Automatic Document Indexing
The applications in this area adapt the descriptions of the documents in the documentary base with the aim of facilitating document retrieval in the face of relevant queries. According to [28] they propose a GA to derive the document descriptions. They choose a binary coding scheme where each description is a fixed length and a binary vector. The genetic population is composed of diverse descriptions for the same document. The fitness function is based on calculating the similarity between the current document description and each of the queries (for which the document is relevant or nonrelevant) by means of the Jaccard’s index and, then, computing the average adaptation values of the description for the set of relevant and nonrelevant queries. In Gordon work, GA is considered quite unusual as there is no mutation operator, and the crossover probability is equal to 1. With regard to the selection scheme, the number of copies of each chromosome in the new population is calculated and dividing its adaptation value by the population average.
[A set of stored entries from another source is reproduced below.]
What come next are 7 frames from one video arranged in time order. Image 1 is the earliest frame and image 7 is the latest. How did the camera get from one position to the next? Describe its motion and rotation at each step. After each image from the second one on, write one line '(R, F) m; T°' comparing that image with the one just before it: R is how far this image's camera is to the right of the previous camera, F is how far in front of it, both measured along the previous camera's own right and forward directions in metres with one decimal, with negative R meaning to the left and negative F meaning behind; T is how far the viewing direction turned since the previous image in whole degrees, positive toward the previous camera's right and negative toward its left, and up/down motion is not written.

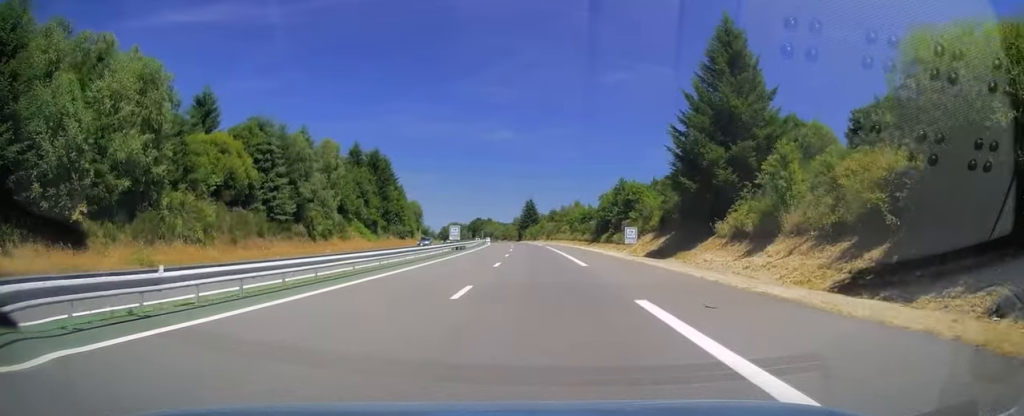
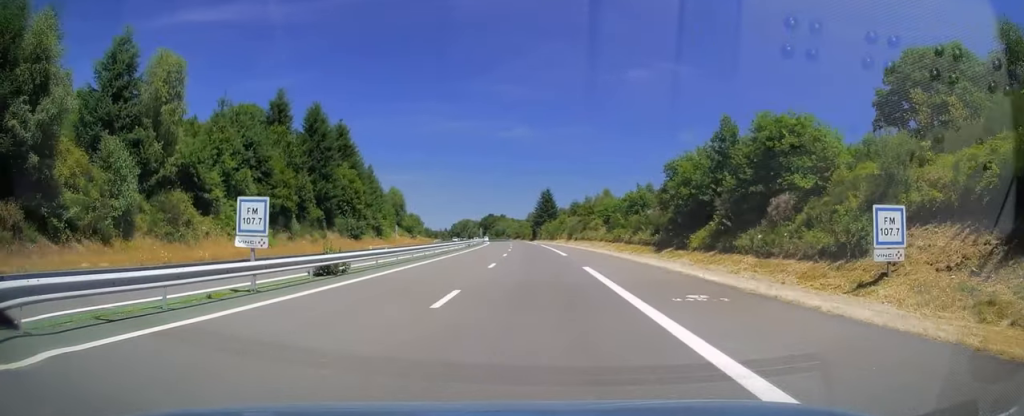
(-0.6, +40.4) m; -2°
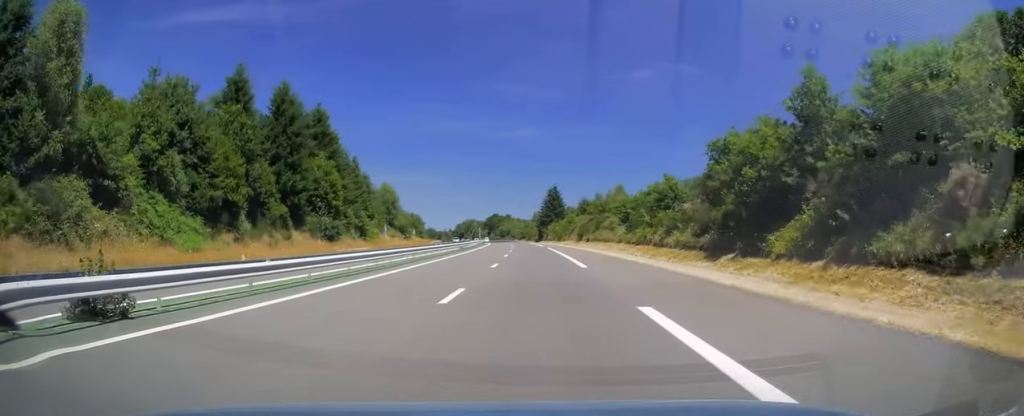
(+0.1, +12.3) m; -1°
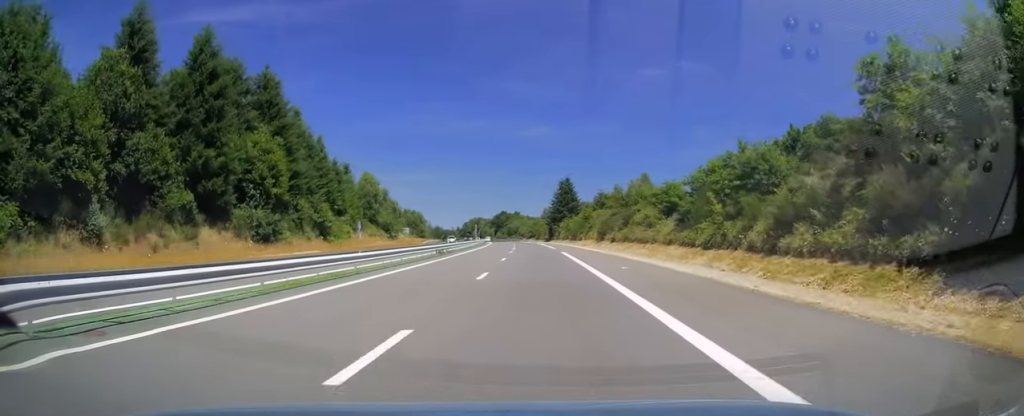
(-0.3, +19.7) m; -1°
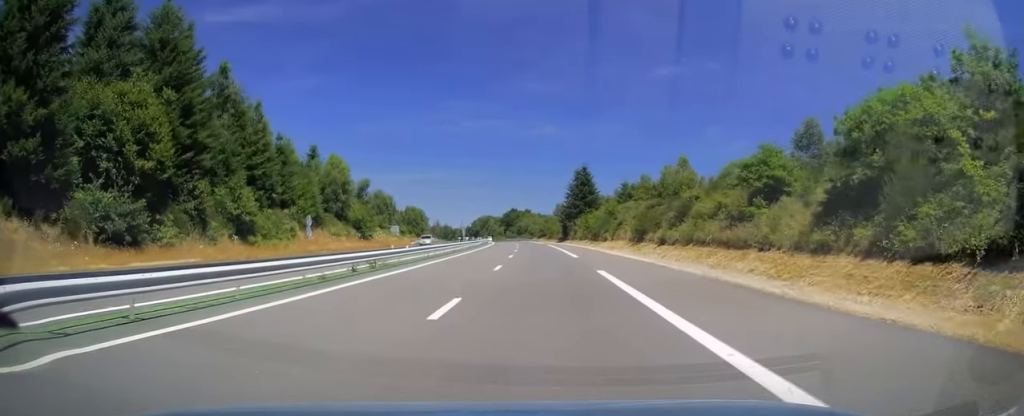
(-0.2, +21.7) m; -1°
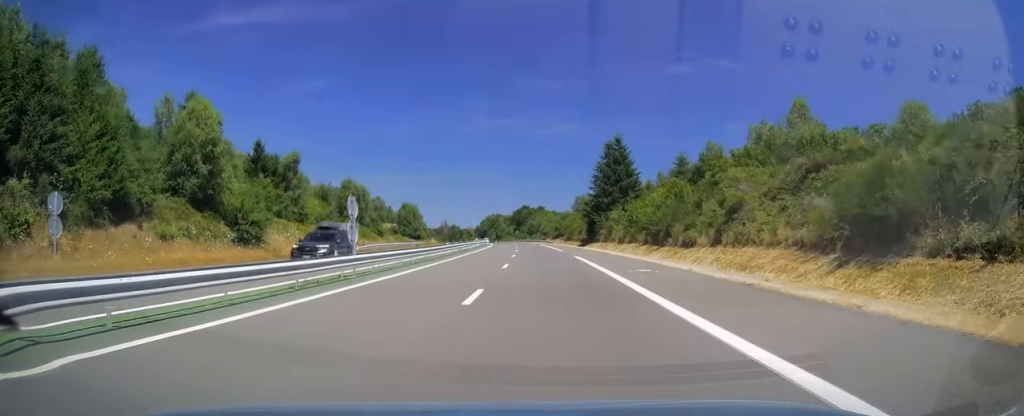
(-0.5, +37.0) m; -1°
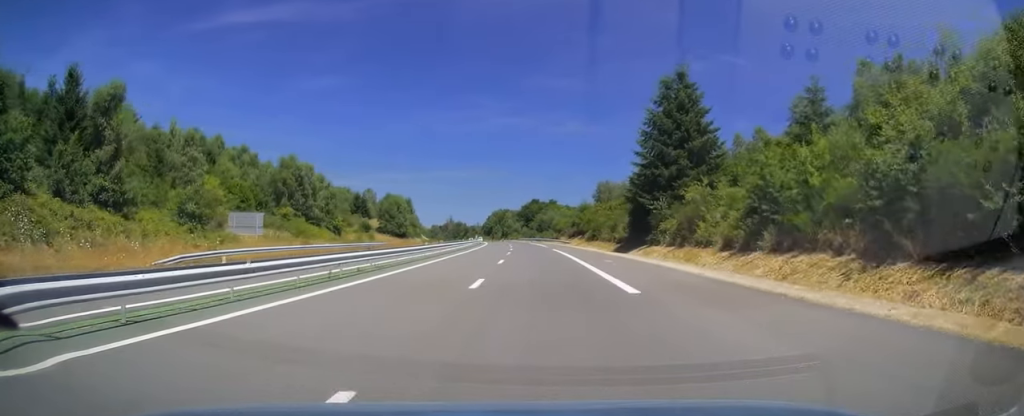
(-0.3, +35.7) m; -1°

Also [29] propose an algorithm for indexing function learning based on GA, whose aims to obtain an indexing function for the key term weighting of a documentary collection to improve the IR process.

Query Learning
This is the most extended group of applications of genetic algorithms in information retrieval. Every proposal in this group use genetic algorithms either like a relevance feedback method or like an Inductive Query By Example (IQBE) algorithm. The fundamental of relevance feedback lies in the fact that either users normally formulate queries composed of terms, which do not match the terms (which used to index the relevant documents to their needs) or they do not provide the appropriate weights for the query terms. The operation mode is involving and modifying the previous query (adding and removing terms or changing the weights of the existing query terms), with taking into account the relevance judgements of the documents retrieved by it, and constitutes a good way to solve the latter two problems and to improve the precision, and especially the recall of the previous query [39].
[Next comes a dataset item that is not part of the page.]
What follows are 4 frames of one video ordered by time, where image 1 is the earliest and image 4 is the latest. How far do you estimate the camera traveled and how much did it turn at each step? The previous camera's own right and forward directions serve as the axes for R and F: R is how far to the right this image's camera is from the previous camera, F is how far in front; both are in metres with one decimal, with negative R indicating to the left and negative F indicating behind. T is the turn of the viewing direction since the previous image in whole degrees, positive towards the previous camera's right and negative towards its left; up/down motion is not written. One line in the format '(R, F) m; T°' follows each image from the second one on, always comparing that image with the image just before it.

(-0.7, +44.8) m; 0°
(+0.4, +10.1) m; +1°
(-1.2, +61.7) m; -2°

Therefore, IQBE was proposed as “a process in which searchers provide sample documents (examples), and the algorithms induce (or learn) the key concepts in order to find other relevant documents” [22]. This technique is a process for assisting the users in the query formulation process performed by machine learning techniques. It works by taking a set of relevant (and optionally, nonrelevant documents) provided by a user and applying an offline learning process to automatically generate a query describing the user’s information needs. Besides, [40] propose a GA for learning queries for Boolean IR system. Although the authors introduce concept approach as a relevance feedback algorithm, the experimentation is actually closer to IQBE framework.

According to [41] they propose a similar GA to that of [25]. They use a real coding with the two-point crossover and random mutation operators (besides, crossover and mutation probabilities are changed throughout the GA run). The selection is based on a classic generational scheme where the chromosomes with a fitness value below the average of the population are eliminated, and the reproduction is performed by Baker’s mechanism.

A comprehensive comparison of the diverse proposals prepared by different authors is summarized in Table 1.

4. Conclusion

This paper has dealt with the fundamentals of the information retrieval and genetic algorithm. Issues that can be solved using Genetic Algorithm and research areas in Internet web search are discussed in this paper. It also deals with diverse proposals in Internet web search which are promising and growing research areas. This paper examines the relevance of genetic algorithm in diverse fields of internet web search some applications of genetic algorithms to information retrieval and a survey of the research works done in Internet web search area have been examined carefully, and the results so far have, thus, been very promising and encouraging.